Running a program built on Linux shows that it doesn’t immediately run on my Mac with the default zsh shell or my Linux that’s been switched to zsh. It runs normally with bash or sh.
Moreover, a program once run seems to integrate itself as a regular program of that platform, no longer running on other platforms but executing faster and more efficiently from the next run onward.
Wondering what can be accomplished using cosmopolitan, I tried building existing C programs with it. Thinking of CPython, I ran configure and blindly added options to the Makefile before running make…
The first error I encountered, unsurprisingly, involved system headers searched by #include<>. After scripting to comment out all #include<> lines and executing, I ran into an error about not finding the pthread_key_t type.

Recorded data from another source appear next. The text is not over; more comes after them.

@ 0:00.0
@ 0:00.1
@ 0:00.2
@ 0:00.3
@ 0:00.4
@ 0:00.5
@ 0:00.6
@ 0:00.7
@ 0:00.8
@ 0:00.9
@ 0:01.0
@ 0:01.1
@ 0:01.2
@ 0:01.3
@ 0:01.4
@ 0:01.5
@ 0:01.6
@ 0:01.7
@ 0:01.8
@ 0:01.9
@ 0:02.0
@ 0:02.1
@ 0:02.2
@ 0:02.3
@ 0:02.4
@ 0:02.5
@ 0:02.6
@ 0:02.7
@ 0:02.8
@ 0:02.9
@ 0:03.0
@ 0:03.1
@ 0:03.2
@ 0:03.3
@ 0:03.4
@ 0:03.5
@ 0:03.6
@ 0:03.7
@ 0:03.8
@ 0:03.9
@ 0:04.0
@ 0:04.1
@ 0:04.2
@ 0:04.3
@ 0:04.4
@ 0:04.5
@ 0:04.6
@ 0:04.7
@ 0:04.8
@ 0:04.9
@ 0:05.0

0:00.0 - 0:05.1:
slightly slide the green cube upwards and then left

cosmopolitan libc does contain types like pthread_once_t included in sys/types.h, but why other pthread-related types are missing remains unclear…
The values for pthread appear to vary, with some being uint and others int. Most seem to correspond with pthread_t, so I typedef’d it as int, as defined by cosmopolitan.
After that, for some reason, the PyAPI_FUNC macro doesn’t work… It seems related to the link options, but as I’ve yet to fully understand those gcc options, I’ll need to revisit them.
Although my lack of related knowledge might have hindered a proper explanation, I introduced it as an interesting project. I think it’d be a good study to slowly delve into low-level concepts like memory maps, as my understanding remains textbook-level.
-
amalgamation means bundling libraries into one header for easier use. ↩